Problem requirements: Print the data exactly. Omit the pictures.

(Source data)

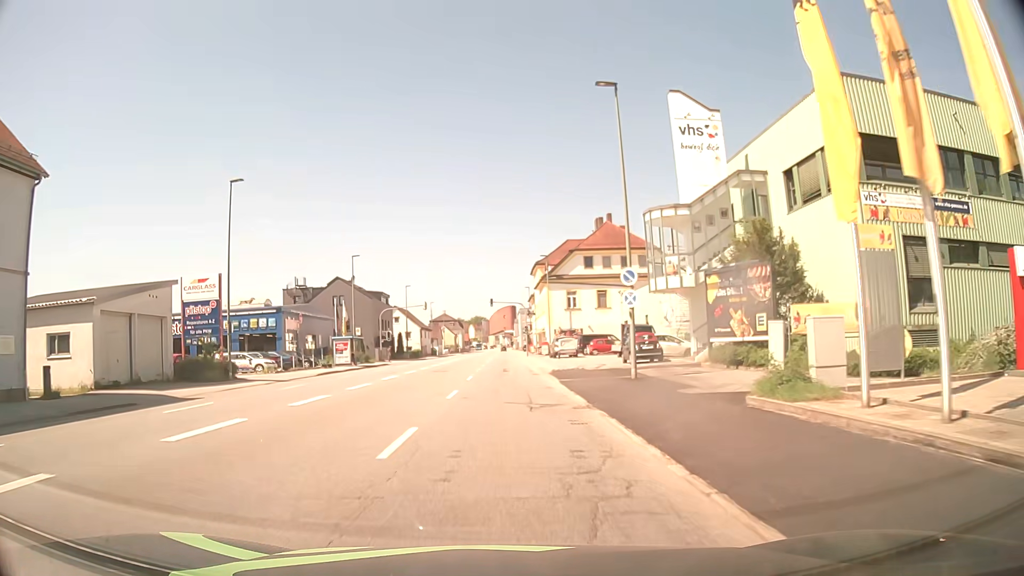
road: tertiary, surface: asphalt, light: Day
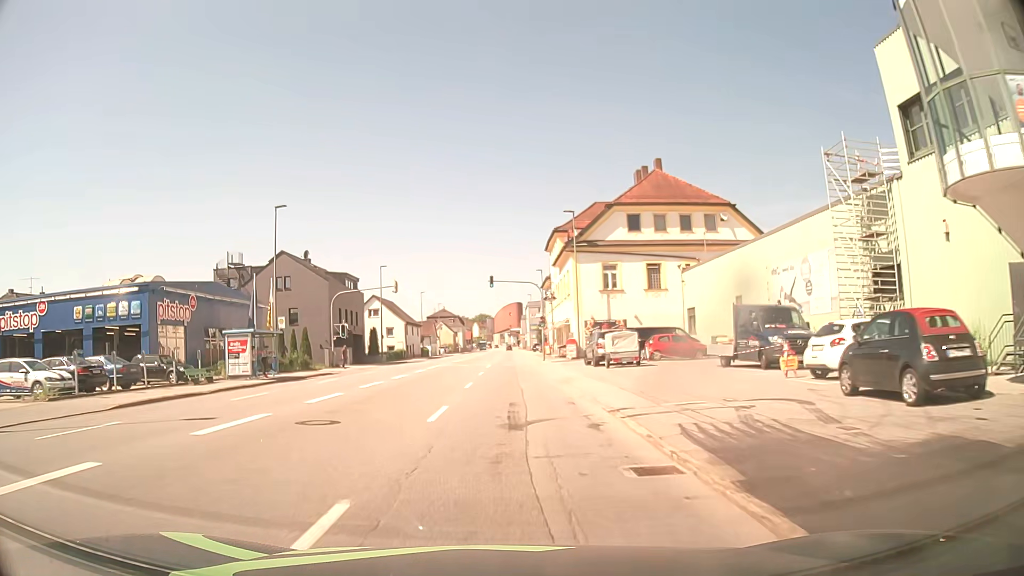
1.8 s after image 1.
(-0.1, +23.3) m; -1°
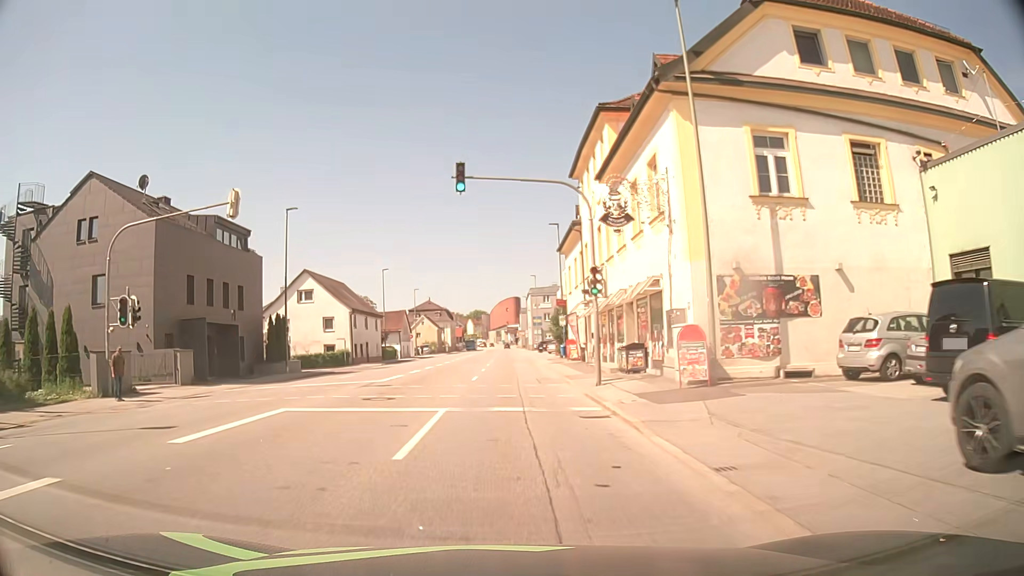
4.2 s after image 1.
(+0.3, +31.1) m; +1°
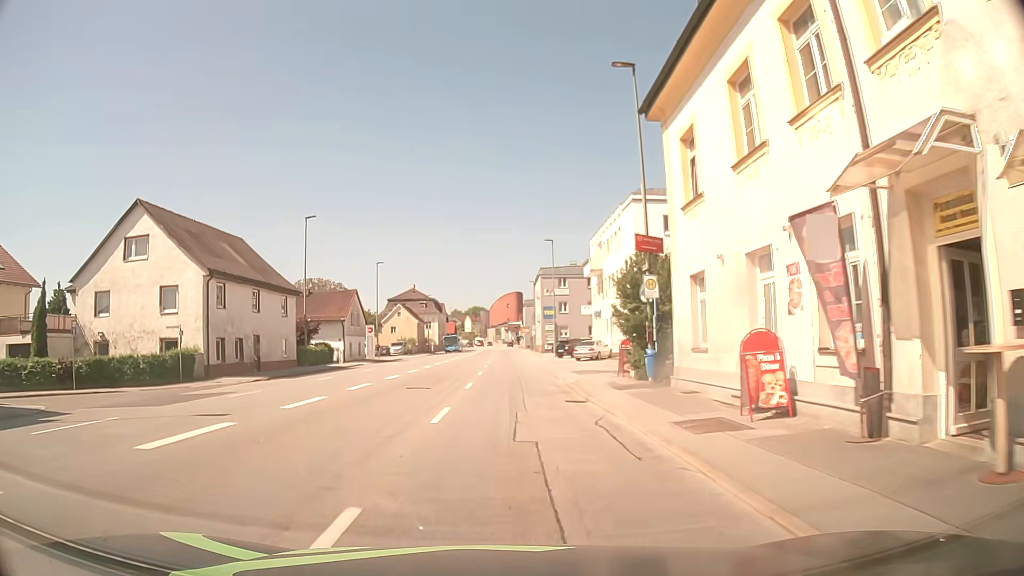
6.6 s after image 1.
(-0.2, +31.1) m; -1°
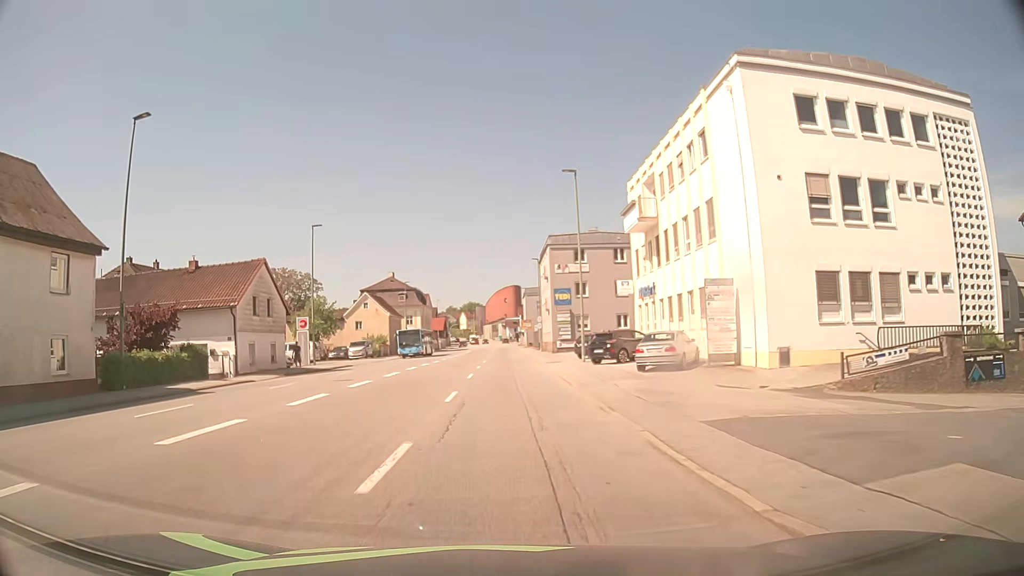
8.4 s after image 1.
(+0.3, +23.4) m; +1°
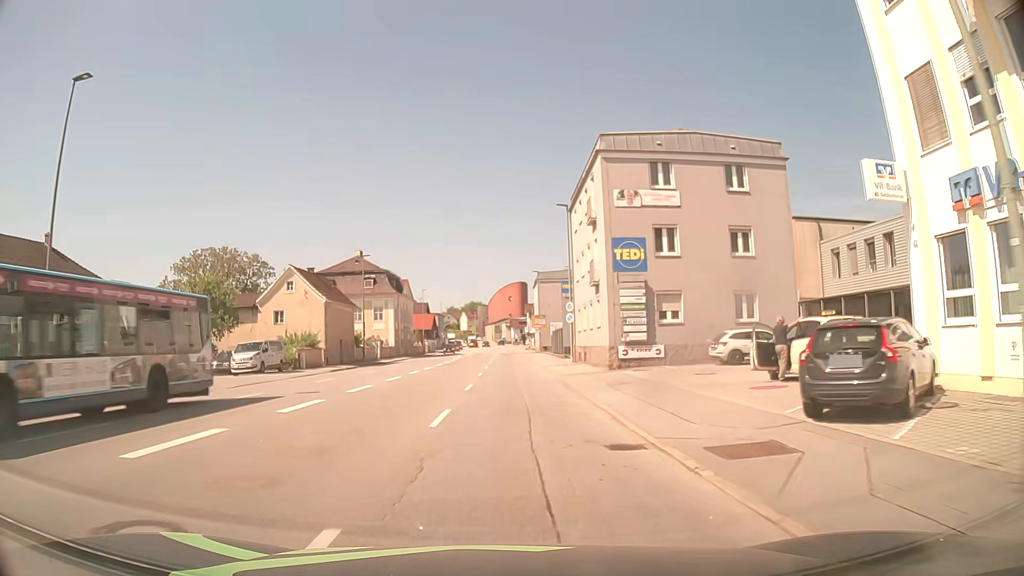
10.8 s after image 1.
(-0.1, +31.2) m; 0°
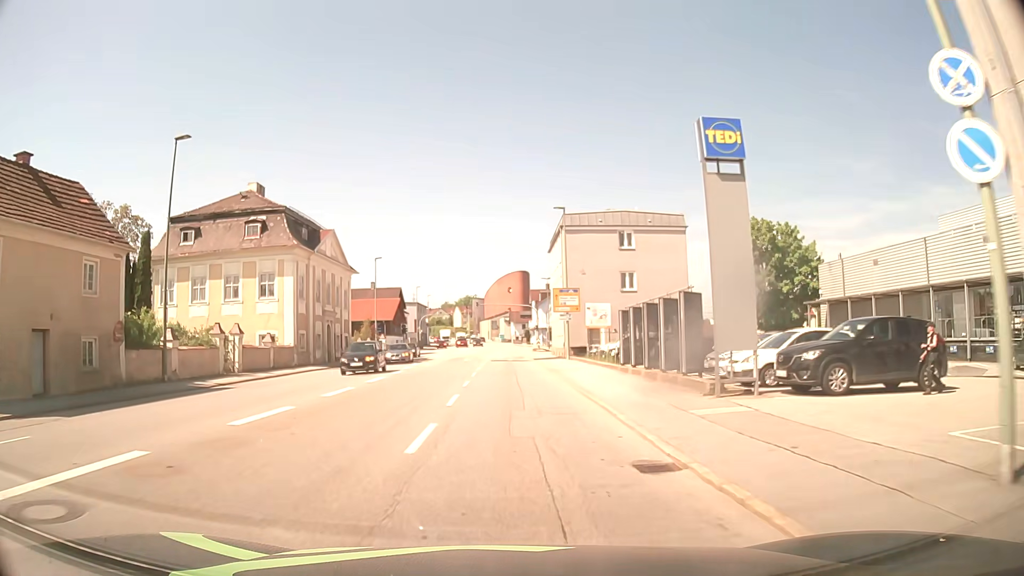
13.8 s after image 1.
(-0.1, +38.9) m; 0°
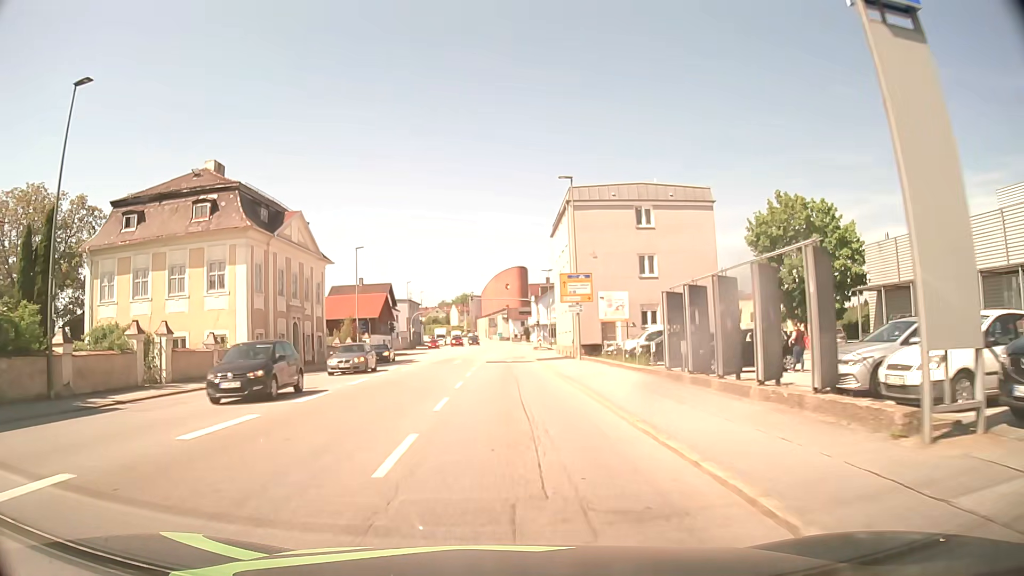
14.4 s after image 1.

Finished exercise:
road: tertiary, surface: asphalt, light: Day
1.8 s after image 1.
(-0.1, +23.3) m; -1°
4.2 s after image 1.
(+0.3, +31.1) m; +1°
6.6 s after image 1.
(-0.2, +31.1) m; -1°
8.4 s after image 1.
(+0.3, +23.4) m; +1°
10.8 s after image 1.
(-0.1, +31.2) m; 0°
13.8 s after image 1.
(-0.1, +38.9) m; 0°
14.4 s after image 1.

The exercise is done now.